In this particular case, no, as the image wouldn't be being sent into the PC to render in its framebuffer; but rather the PC would just be drawing an empty window, and reporting the geometry of that window to the monitor. The monitor, with two HDMI leads plugged in, would be responsible for compositing the inputs together, according to the geometry the PC reported, but all internal to itself.
That's how hardware-accelerated video decoding used to work in Windows XP days IIRC (before GPU-based desktop composition), the video player would be a blank black square and the GPU would be told to draw the video on those coordinates.
Because of how it was implemented, you could drag VLC around while the video was playing and the video would stay "behind" everything, with the VLC window acting as a "hole" through which you could see it. (So you could move the window to the left and see half a black square on the left, and the left-most half of the video on the right)
Nowadays with desktop composition AKA DWM, Windows just makes sure to black out DRM content from any frames/video it sends to an app requesting to capture the screen, making sure to send the video-including composed desktop only to the display. (And if you have some GPU recording software like NVIDIA ShadowPlay, it switches off when DRM content starts playing) You can see it in action with the Netflix UWP app.

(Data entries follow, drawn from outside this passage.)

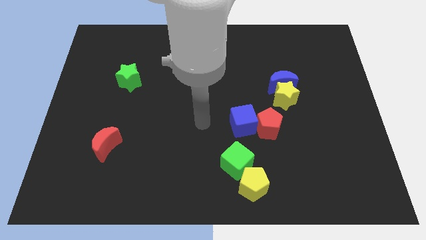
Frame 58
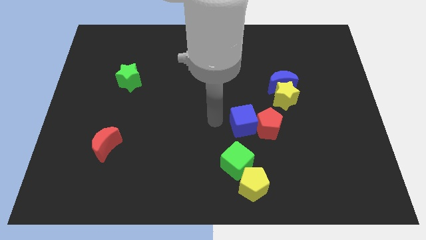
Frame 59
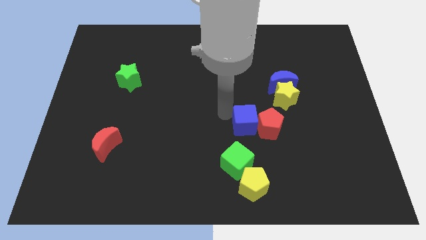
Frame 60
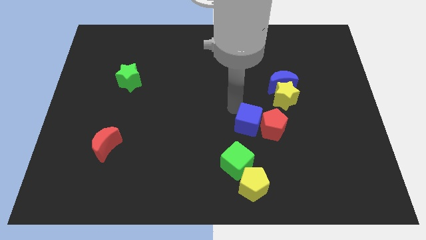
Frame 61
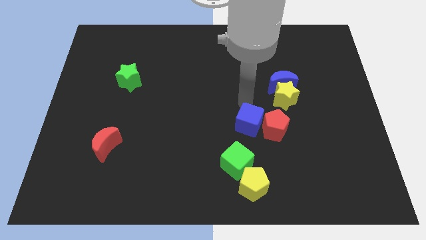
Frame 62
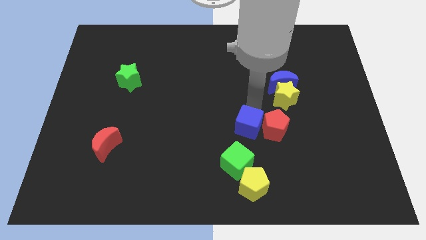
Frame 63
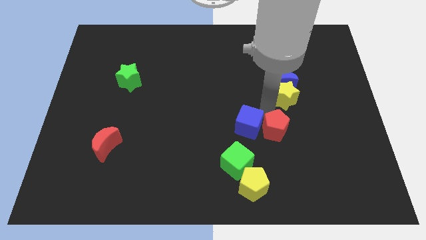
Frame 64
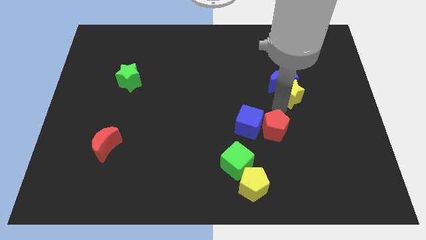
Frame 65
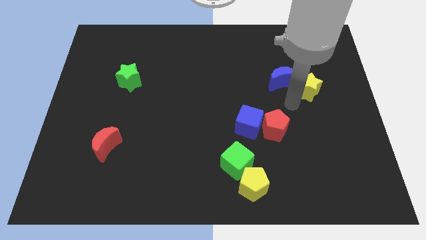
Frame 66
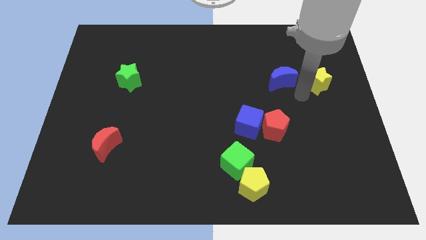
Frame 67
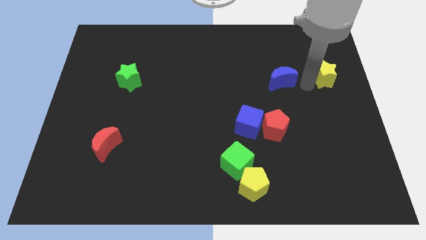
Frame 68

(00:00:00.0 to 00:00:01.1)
move the blue moon away from the yellow star

Of course, a bunch of DRM-respecting software -- like Netflix in Google Chrome -- doesn't really follow that spec and can still be screenshot/video captured like any app.
It provides lower resolution content to those devices, capping at 720p.

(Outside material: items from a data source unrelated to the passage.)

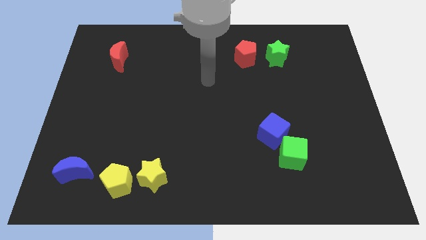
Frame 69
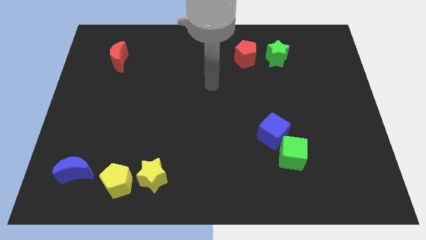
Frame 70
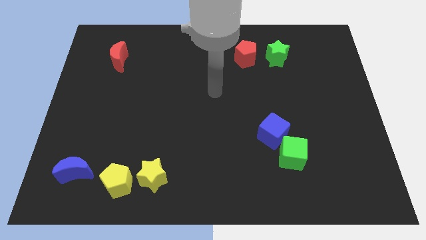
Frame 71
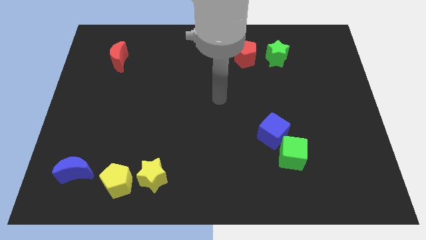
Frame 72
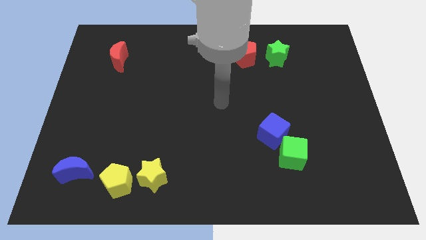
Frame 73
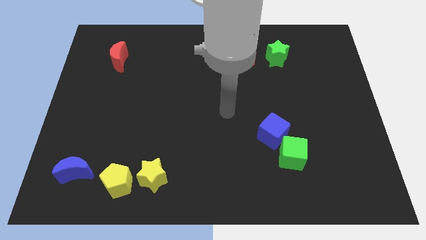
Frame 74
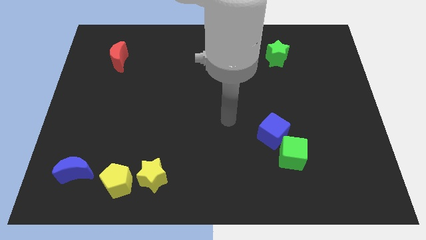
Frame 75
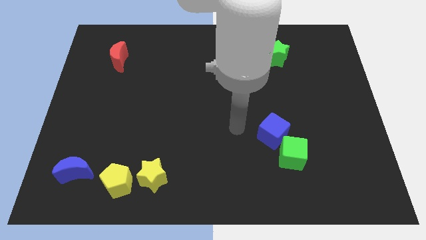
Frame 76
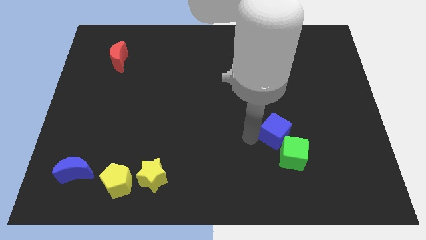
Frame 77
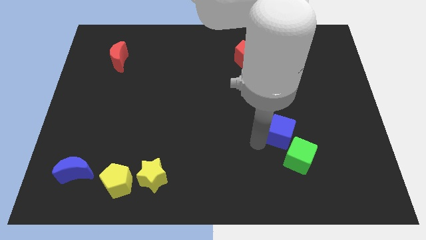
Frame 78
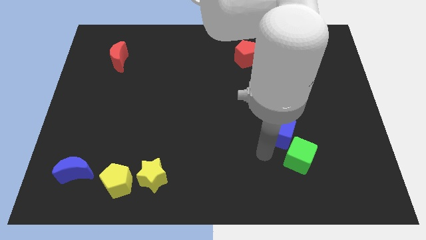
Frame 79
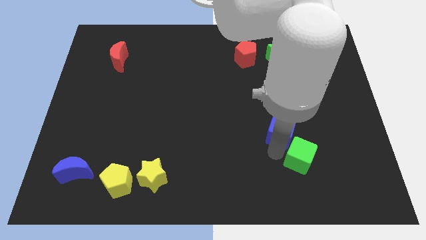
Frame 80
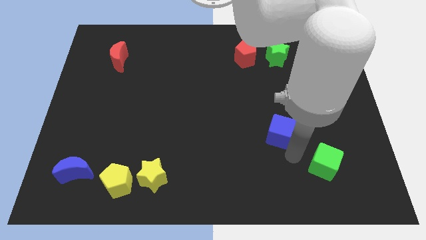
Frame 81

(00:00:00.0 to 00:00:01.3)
separate the blue cube from the green cube

Which is the same as Netflix effectively, Netflix just provides higher to PCs when they can block screen recording entirely. Disney might eventually I guess.
This isn't a firmware issue, because enabling this would require adding the hardware to the scaler ASIC to actually process multiple video streams, and to increase the buffer size and bandwidth n-fold so that it can synchronize and composite the unsynced video sources (also introducing 1+ frames of latency).
The GP was assuming a scaler that already supported a Picture-in-Picture or split-screen feature—as many modern monitors do!
The problem—and it is purely a firmware problem—is that all such monitors make this kind of support "dumb", with hardcoded geometry (i.e. split-screen as exactly halving or quartering the screen; PiP as putting one input in an box that composites over exactly the upper-left quarter of the lower-right quadrant of the screen.)
There's nothing in the scaler ASIC that particularly benefits from these numbers being hardcoded, such that its job would be any more complex if they were controllable via machine-registers POKEable using HDMI-CEC commands.